My father came from a large, loving and very Catholic family of 13 children. He was the youngest boy, with three younger sisters. Although their house in West Mifflin was small, their family had enough land for a barn with horses and chickens. My dad told us stories of regularly waking up early to feed and care for the animals before going to school and once getting thrown off a horse as it ran out of the barn.

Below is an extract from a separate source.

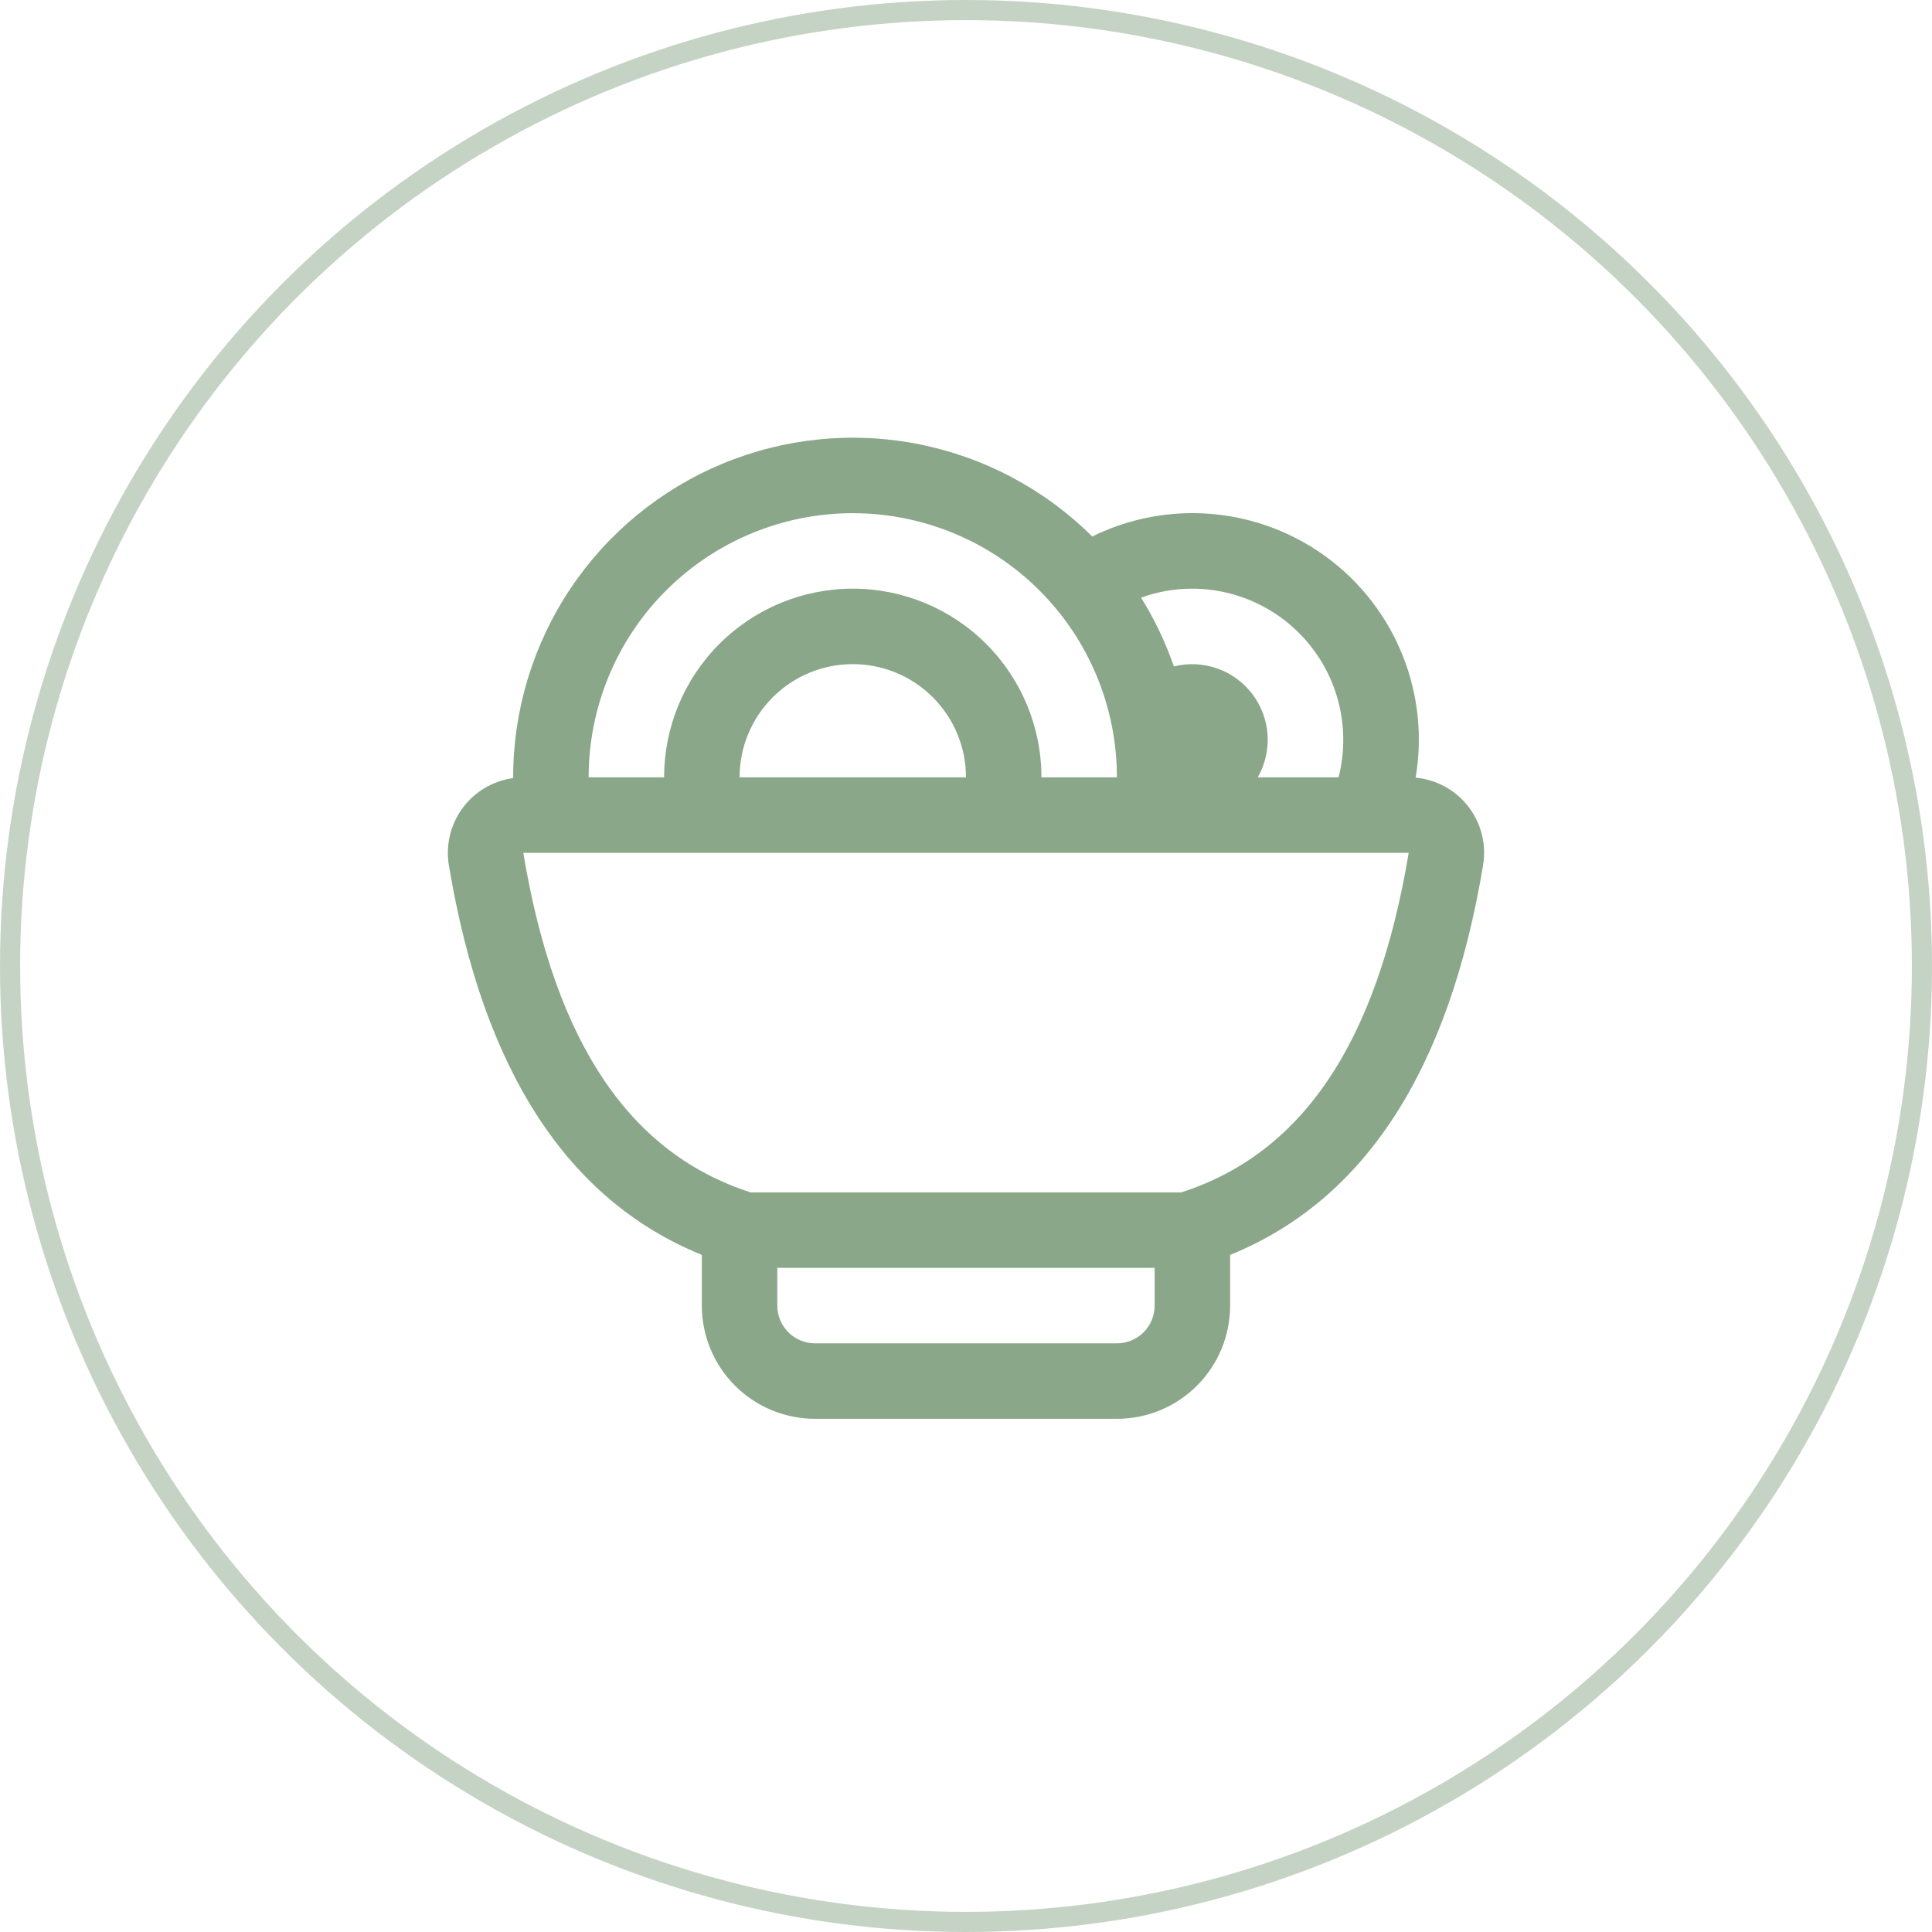 <svg width="96" height="96" viewBox="0 0 96 96" fill="none" xmlns="http://www.w3.org/2000/svg">
<circle cx="48" cy="48" r="47.5" stroke="#C5D3C4"/>
<path d="M25.499 38.659V38.625C25.499 35.292 26.486 32.033 28.336 29.26C30.186 26.487 32.816 24.324 35.894 23.044C38.972 21.764 42.36 21.424 45.631 22.067C48.902 22.711 51.909 24.308 54.273 26.659C56.133 25.741 58.21 25.355 60.276 25.544C62.341 25.733 64.314 26.488 65.977 27.728C67.639 28.968 68.927 30.643 69.697 32.569C70.468 34.495 70.691 36.596 70.342 38.64C70.855 38.688 71.353 38.841 71.804 39.089C72.255 39.338 72.651 39.677 72.965 40.085C73.28 40.493 73.507 40.962 73.632 41.462C73.758 41.962 73.779 42.482 73.694 42.99C71.999 53.187 67.807 59.64 61.124 62.355V64.875C61.124 66.367 60.532 67.798 59.477 68.853C58.422 69.908 56.991 70.5 55.499 70.5H40.499C39.007 70.5 37.577 69.908 36.522 68.853C35.467 67.798 34.874 66.367 34.874 64.875V62.355C28.192 59.64 23.999 53.187 22.304 42.99C22.222 42.495 22.241 41.989 22.358 41.502C22.475 41.014 22.689 40.555 22.987 40.151C23.285 39.748 23.661 39.408 24.092 39.153C24.524 38.897 25.002 38.73 25.499 38.663V38.659ZM29.249 38.625H32.999C32.999 36.139 33.987 33.754 35.745 31.996C37.503 30.238 39.888 29.25 42.374 29.25C44.861 29.25 47.245 30.238 49.003 31.996C50.761 33.754 51.749 36.139 51.749 38.625H55.499C55.499 35.144 54.116 31.806 51.655 29.345C49.194 26.883 45.855 25.5 42.374 25.5C38.893 25.5 35.555 26.883 33.093 29.345C30.632 31.806 29.249 35.144 29.249 38.625ZM36.749 38.625H47.999C47.999 37.133 47.407 35.703 46.352 34.648C45.297 33.593 43.866 33 42.374 33C40.882 33 39.452 33.593 38.397 34.648C37.342 35.703 36.749 37.133 36.749 38.625ZM62.497 38.625H66.513C66.796 37.517 66.822 36.359 66.59 35.239C66.358 34.119 65.873 33.067 65.172 32.163C64.472 31.258 63.574 30.526 62.547 30.021C61.521 29.517 60.393 29.253 59.249 29.25C58.349 29.25 57.494 29.408 56.699 29.697C57.363 30.762 57.91 31.909 58.33 33.113C59.045 32.936 59.795 32.972 60.489 33.218C61.183 33.463 61.789 33.907 62.233 34.494C62.676 35.081 62.938 35.786 62.985 36.52C63.032 37.255 62.862 37.986 62.497 38.625ZM57.374 63H38.624V64.875C38.624 65.373 38.822 65.849 39.173 66.201C39.525 66.553 40.002 66.75 40.499 66.75H55.499C55.996 66.75 56.473 66.553 56.825 66.201C57.177 65.849 57.374 65.373 57.374 64.875V63ZM37.304 59.25H58.694C64.642 57.338 68.407 51.93 69.997 42.375H26.002C27.592 51.93 31.357 57.338 37.304 59.25Z" fill="#8AA789"/>
</svg>

This childhood instilled in him a strong work ethic and even a love of work amid challenges.

Stephanie sitting outside her home in Carrick.
Stephanie Siler’s father died 10 days after surgery in a Pittsburgh-area hospital. (Photo by Ryan Loew/PublicSource)

My father loved music. He played the piano, guitar, accordion and sang in his church choir until he had to quit due to hand tremors. He especially loved Rachmaninov’s Prelude in C Sharp Minor, which he never stopped trying to master. I remember him teaching me the dramatic intro, which helped inspire my lifelong love of the piano. He played “hippy” music on the guitar, including Bob Dylan and Peter, Paul and Mary. Despite his short hair, I’ve always considered my dad to be somewhat of a hippy, going his own way, doing his own thing and always questioning authority figures — including, for better or worse, doctors. He seemed to lose some trust in them after my older brother, Paul, passed away from leukemia at 17 in 1986.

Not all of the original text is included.